In exemplary embodiments, the multiple filter portion may further include a third thin film structure that is removably mounted to the flow path and has a third opening of a different size than the first opening of the first thin film structure. The third opening of the third thin film structure may have a third size smaller than the first size.

In exemplary embodiments, the third thin film structure may be mounted to the flow path after the first thin film structure is separated.

In exemplary embodiments, at least one of the thin film structures may include an electrode pattern for counting the microparticles as the microparticles pass through the opening.

In exemplary embodiments, the multiple filter portion may include a cylindrical fastening member for mounting the thin film structure to the flow path.

In exemplary embodiments, a conductive pattern electrically connected to the electrode pattern may be formed on one side of the cylindrical fixing member.

In exemplary embodiments, the cylindrical fastening member may have a truncated conical shape.

In exemplary embodiments, a screw groove may be formed on the inner surface of the cylindrical fixing member.

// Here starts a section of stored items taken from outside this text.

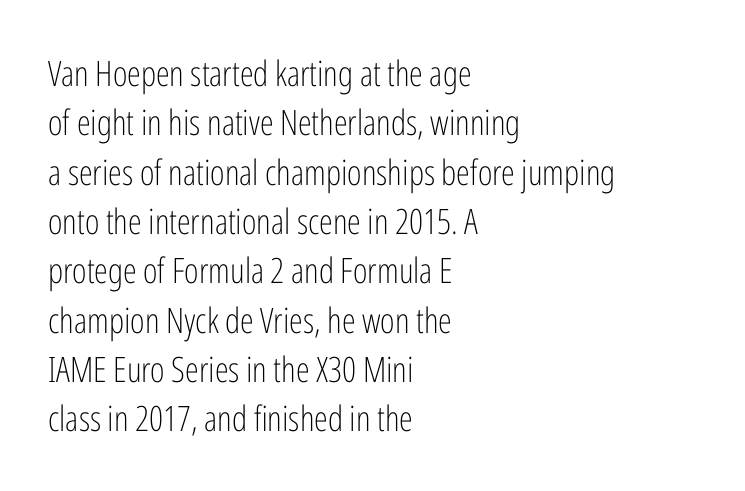
Q: Is the text bold? A: No.
Q: Is the text italic (slanted)? A: No, it is upright.
Q: Is the typeface a serif or a sans-serif typeface? A: Sans-serif.
Q: Is the text underlined? A: No.
Q: How is the paragraph aligned? A: Left-aligned.
Q: Is the spacing between letters normal or unusually wide? A: Normal.
Q: Is the spacing between lines tight, normal or loose? A: Normal.
Q: Width (condensed, normal, or wide)? A: Condensed.
Q: Stroke contrast? A: Low.
Q: x-height? A: Medium.
Q: Monospaced? A: No.
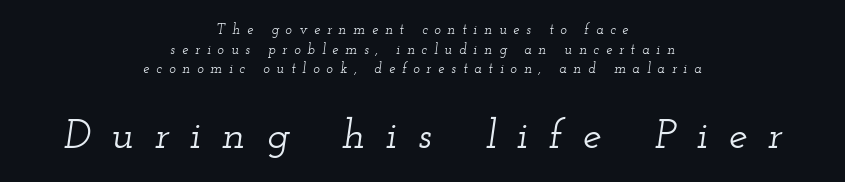
The image shows 42 px wide serif type, italic (leaning right); set centered, normal line spacing (1.41x), unusually wide letter spacing (+0.49 em), not underlined; the second (bottom) block is 3.0x larger; low stroke contrast and a small x-height.
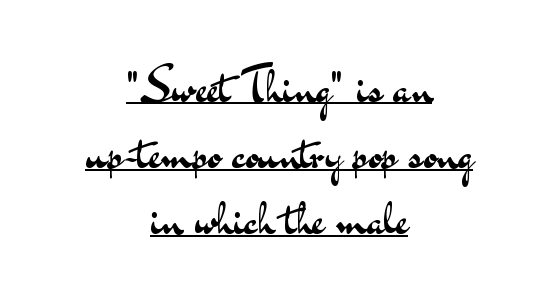
{"serif": "no", "bold": "no", "weight": "regular", "width": "wide", "stroke_contrast": "medium", "x_height": "small", "monospaced": "no", "underline": "yes", "align": "center", "line_spacing": "normal", "line_spacing_ratio": 1.38, "letter_spacing": "normal", "letter_spacing_em": 0.0, "glyph_px": 48}
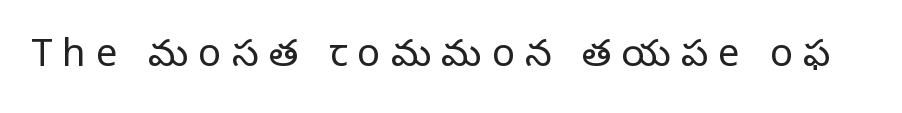
The image shows 38 px regular-weight serif type, upright; set unusually wide letter spacing (+0.27 em), not underlined; low stroke contrast and a large x-height.
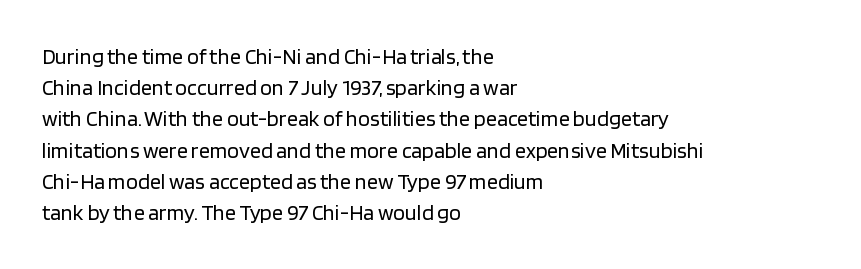
The image shows 22 px text type, upright; set left-aligned, normal line spacing (1.42x), normal letter spacing, not underlined.
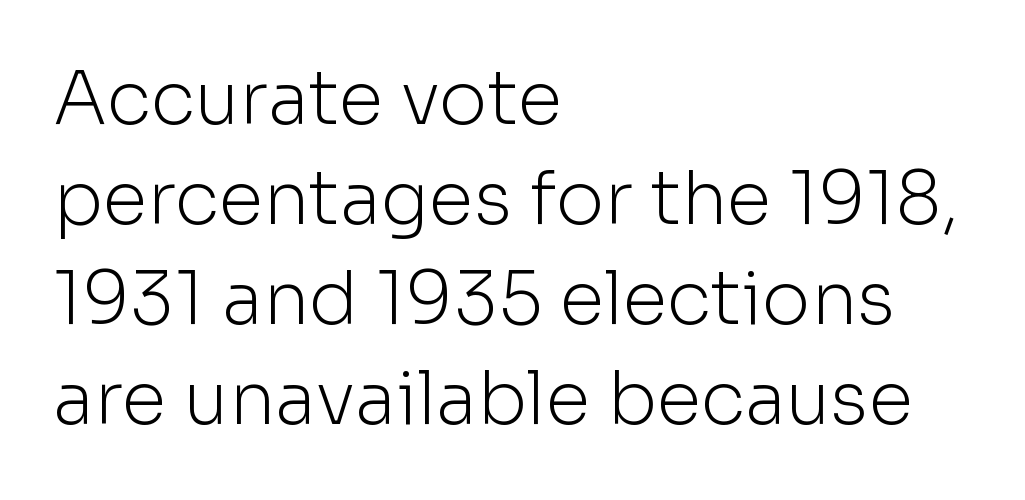
The letters advance in unequal steps, a hallmark of proportional type. The lines sit at an ordinary, default distance from one another. The letterforms sit at book weight or below. The strip under each line holds only bare page.
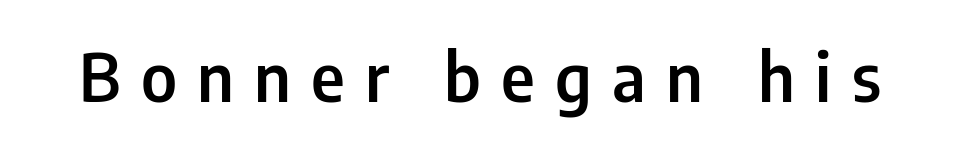
{"serif": "no", "italic": "no", "bold": "semi", "weight": "semibold", "width": "condensed", "stroke_contrast": "low", "x_height": "medium", "monospaced": "no", "underline": "no", "letter_spacing": "wide", "letter_spacing_em": 0.3, "glyph_px": 67}
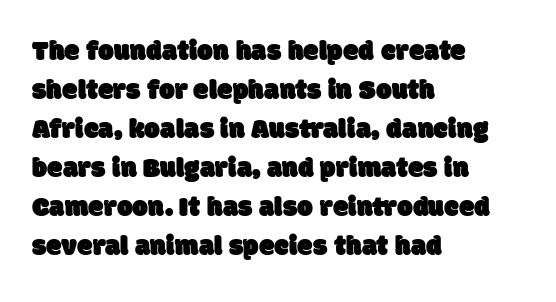
Q: Is the typeface a serif or a sans-serif typeface? A: Sans-serif.
Q: Is the text underlined? A: No.
Q: How is the paragraph aligned? A: Left-aligned.
Q: Is the spacing between letters normal or unusually wide? A: Normal.
Q: Is the spacing between lines tight, normal or loose? A: Normal.
Q: Width (condensed, normal, or wide)? A: Normal.
Q: Stroke contrast? A: Low.
Q: x-height? A: Large.
Q: Monospaced? A: No.
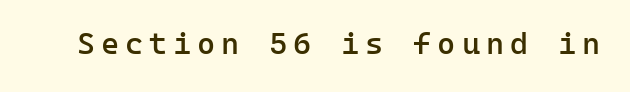
Characters remain perfectly vertical along every line. The passage shown is not underscored anywhere. The font family rendered here belongs to the sans-serif group. Firm but not heavy-handed strokes: this text is semibold.
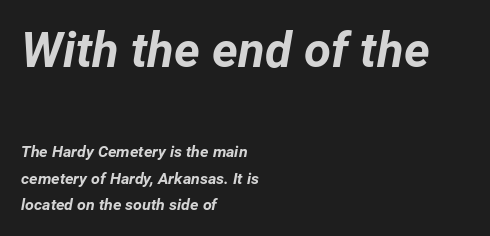
The image shows 49 px bold type, italic (leaning right); set left-aligned, normal line spacing (1.67x), normal letter spacing, not underlined; the first (top) block is 3.06x larger; low stroke contrast and a medium x-height.
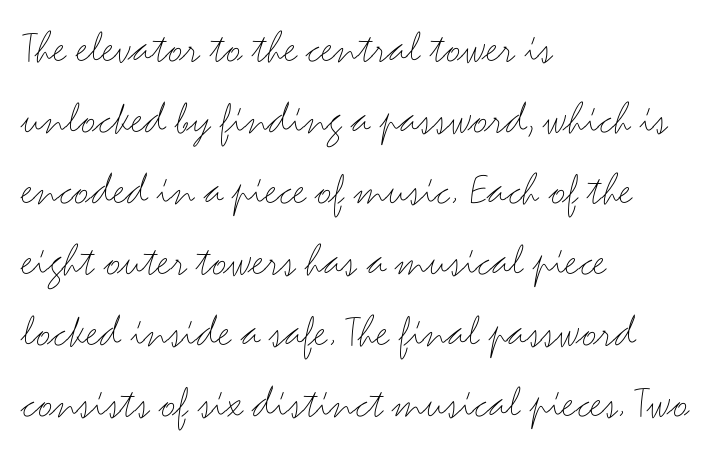
{"serif": "no", "bold": "no", "weight": "thin", "width": "wide", "stroke_contrast": "medium", "x_height": "small", "monospaced": "no", "underline": "no", "align": "left", "line_spacing": "normal", "line_spacing_ratio": 1.51, "letter_spacing": "normal", "letter_spacing_em": 0.0, "glyph_px": 47}
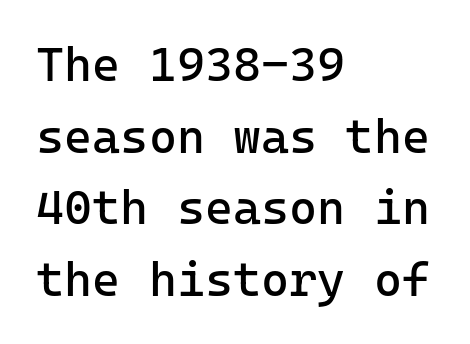
The image shows 48 px regular-weight sans-serif type, upright, monospaced; set left-aligned, normal line spacing (1.49x), normal letter spacing, not underlined; low stroke contrast and a medium x-height.
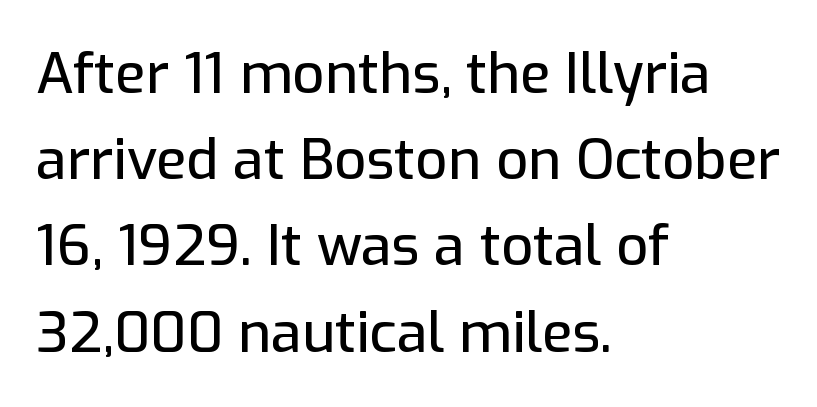
{"serif": "no", "italic": "no", "width": "normal", "stroke_contrast": "low", "x_height": "medium", "monospaced": "no", "underline": "no", "align": "left", "line_spacing": "normal", "line_spacing_ratio": 1.54, "letter_spacing": "normal", "letter_spacing_em": 0.0, "glyph_px": 56}
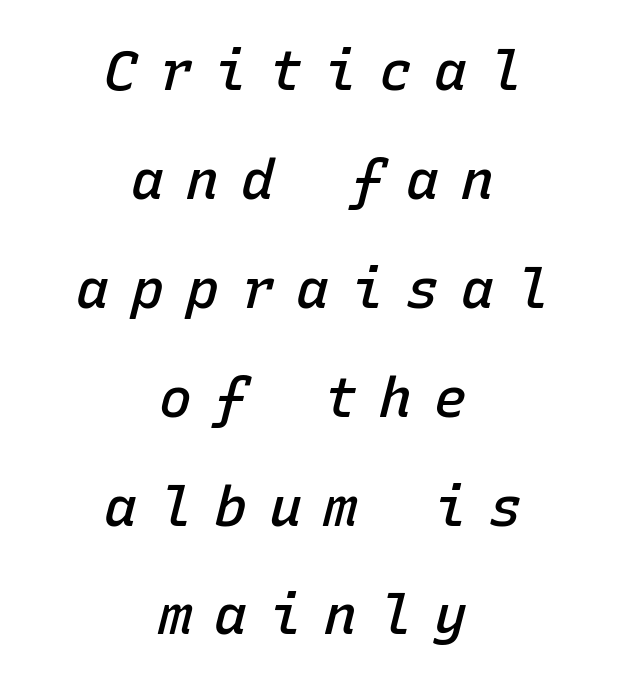
This sample has the even, mechanical cadence of fixed-width lettering. The specimen reads as italic at a glance. Compared with an ordinary text face, these strokes are moderately heavier — a semibold. Lines of text with bare space underneath. Does the leading feel generous? Absolutely, it's lavish. Display-style spreading of the glyphs; the letterfit is very open.
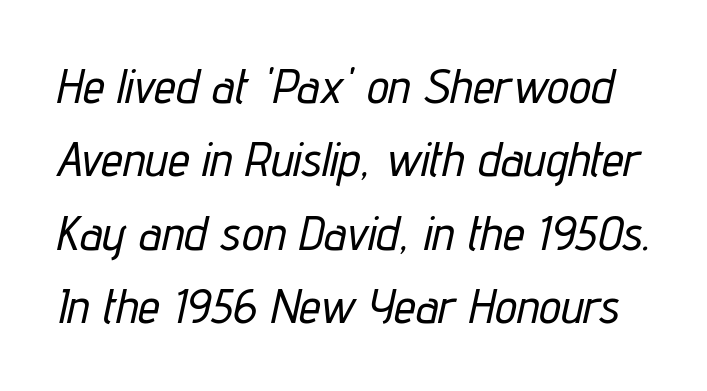
Q: Is the text italic (slanted)? A: Yes, it leans right by about 12 degrees.
Q: Is the text underlined? A: No.
Q: Is the spacing between letters normal or unusually wide? A: Normal.
Q: Is the spacing between lines tight, normal or loose? A: Normal.
Q: Width (condensed, normal, or wide)? A: Condensed.
Q: Stroke contrast? A: Low.
Q: x-height? A: Medium.
Q: Monospaced? A: No.

In exemplary embodiments, the fluid may comprise blood, body fluids, cerebrospinal fluid, urine, sputum, or mixtures thereof taken from a human or animal sample.

In exemplary embodiments, the microparticles may include tissues, cells, proteins, nucleic acids, or populations thereof from human or animal samples.

In exemplary embodiments, the opening of the thin film structure may have an effective diameter in the range of 1 to 50 占 퐉.

In the exemplary embodiments, the apertures of the thin film structure may be arranged in an array. The area occupied by the apertures may be in the range of 5 to 50% of the total area of the thin film structure.

The microparticle treatment apparatus according to the invention thus constituted may comprise a multiple filter section having at least two thin film structures arranged in the flow path. The microparticle processing apparatus enables effective capture, recovery, counting and analysis of microparticles through bidirectional fluid flow in the flow path.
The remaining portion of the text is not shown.